(Beginning of SOURCE RECORDS)
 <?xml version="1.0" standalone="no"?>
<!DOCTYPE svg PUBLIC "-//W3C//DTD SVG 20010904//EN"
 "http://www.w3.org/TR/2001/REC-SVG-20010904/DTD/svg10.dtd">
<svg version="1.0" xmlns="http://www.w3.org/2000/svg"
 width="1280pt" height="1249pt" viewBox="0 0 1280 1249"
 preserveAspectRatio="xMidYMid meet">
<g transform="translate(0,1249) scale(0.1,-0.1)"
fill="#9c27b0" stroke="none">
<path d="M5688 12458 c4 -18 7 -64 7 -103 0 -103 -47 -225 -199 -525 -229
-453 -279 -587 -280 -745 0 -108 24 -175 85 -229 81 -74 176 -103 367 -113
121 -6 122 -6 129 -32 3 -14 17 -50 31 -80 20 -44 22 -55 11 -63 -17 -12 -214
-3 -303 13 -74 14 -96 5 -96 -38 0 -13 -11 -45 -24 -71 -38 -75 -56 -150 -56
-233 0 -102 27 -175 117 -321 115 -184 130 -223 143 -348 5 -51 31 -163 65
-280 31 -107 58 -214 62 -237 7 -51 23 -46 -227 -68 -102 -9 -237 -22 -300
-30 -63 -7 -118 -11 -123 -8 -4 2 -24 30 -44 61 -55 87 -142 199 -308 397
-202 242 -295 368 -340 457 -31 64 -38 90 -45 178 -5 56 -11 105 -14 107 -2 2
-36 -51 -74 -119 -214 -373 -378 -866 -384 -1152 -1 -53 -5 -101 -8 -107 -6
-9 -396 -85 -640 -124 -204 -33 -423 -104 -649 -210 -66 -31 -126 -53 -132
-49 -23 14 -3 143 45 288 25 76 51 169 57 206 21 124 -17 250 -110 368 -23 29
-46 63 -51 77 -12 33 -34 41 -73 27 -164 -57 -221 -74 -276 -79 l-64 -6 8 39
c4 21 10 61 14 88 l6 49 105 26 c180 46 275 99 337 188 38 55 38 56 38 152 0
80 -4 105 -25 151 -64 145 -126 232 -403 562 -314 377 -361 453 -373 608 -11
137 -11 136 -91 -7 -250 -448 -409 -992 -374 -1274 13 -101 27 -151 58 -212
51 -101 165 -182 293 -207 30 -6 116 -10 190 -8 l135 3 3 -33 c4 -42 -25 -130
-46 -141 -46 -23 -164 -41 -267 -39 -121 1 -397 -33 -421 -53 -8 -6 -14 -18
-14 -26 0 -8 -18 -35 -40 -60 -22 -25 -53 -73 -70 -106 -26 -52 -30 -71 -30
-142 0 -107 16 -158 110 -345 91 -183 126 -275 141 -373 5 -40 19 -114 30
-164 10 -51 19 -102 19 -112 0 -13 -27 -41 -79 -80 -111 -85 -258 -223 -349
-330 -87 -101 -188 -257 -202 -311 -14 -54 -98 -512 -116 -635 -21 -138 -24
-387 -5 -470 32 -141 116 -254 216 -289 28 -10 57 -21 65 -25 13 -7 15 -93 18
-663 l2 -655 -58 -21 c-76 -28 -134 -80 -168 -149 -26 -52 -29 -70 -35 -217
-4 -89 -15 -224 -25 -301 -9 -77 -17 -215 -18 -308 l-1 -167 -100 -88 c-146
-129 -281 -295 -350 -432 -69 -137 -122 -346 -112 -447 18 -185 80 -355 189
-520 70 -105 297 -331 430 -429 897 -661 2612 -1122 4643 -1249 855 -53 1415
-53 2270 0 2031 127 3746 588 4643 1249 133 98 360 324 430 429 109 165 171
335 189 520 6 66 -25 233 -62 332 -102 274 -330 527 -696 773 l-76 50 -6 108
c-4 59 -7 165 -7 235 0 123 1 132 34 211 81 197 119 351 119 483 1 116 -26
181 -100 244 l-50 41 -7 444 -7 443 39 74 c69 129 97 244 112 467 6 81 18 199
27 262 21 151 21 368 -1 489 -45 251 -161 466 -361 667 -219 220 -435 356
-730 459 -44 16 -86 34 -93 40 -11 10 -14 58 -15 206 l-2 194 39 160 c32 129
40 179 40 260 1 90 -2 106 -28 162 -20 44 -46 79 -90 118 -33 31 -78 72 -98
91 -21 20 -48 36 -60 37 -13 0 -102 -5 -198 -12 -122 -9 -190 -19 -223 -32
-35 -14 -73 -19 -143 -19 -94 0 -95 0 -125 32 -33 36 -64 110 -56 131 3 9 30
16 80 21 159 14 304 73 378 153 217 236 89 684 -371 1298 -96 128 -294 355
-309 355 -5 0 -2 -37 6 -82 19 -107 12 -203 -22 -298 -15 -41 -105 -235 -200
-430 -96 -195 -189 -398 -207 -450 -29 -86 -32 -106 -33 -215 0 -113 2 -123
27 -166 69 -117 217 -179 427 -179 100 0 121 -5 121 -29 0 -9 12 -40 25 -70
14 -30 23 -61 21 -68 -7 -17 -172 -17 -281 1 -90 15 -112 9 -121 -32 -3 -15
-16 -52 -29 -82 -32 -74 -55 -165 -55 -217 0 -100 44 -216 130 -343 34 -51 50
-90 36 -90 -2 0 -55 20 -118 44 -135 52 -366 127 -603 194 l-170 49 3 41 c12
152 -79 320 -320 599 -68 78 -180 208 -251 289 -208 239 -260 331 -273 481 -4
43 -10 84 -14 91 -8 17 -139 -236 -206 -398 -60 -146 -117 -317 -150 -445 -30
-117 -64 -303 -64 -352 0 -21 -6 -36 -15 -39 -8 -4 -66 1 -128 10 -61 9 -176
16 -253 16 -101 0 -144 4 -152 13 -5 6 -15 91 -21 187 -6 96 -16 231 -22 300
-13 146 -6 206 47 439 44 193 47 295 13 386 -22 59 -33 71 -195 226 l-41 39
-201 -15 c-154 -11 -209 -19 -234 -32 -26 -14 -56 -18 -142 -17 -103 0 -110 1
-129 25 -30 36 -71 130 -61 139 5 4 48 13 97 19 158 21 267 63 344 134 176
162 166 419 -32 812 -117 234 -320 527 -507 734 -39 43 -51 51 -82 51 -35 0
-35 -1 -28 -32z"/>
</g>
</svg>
(End of SOURCE RECORDS)
[EXERCISE]
Copy out every line of the entries where the string "version" shows up.

[TASK RESPONSE]
 <?xml version="1.0" standalone="no"?>
<svg version="1.0" xmlns="http://www.w3.org/2000/svg"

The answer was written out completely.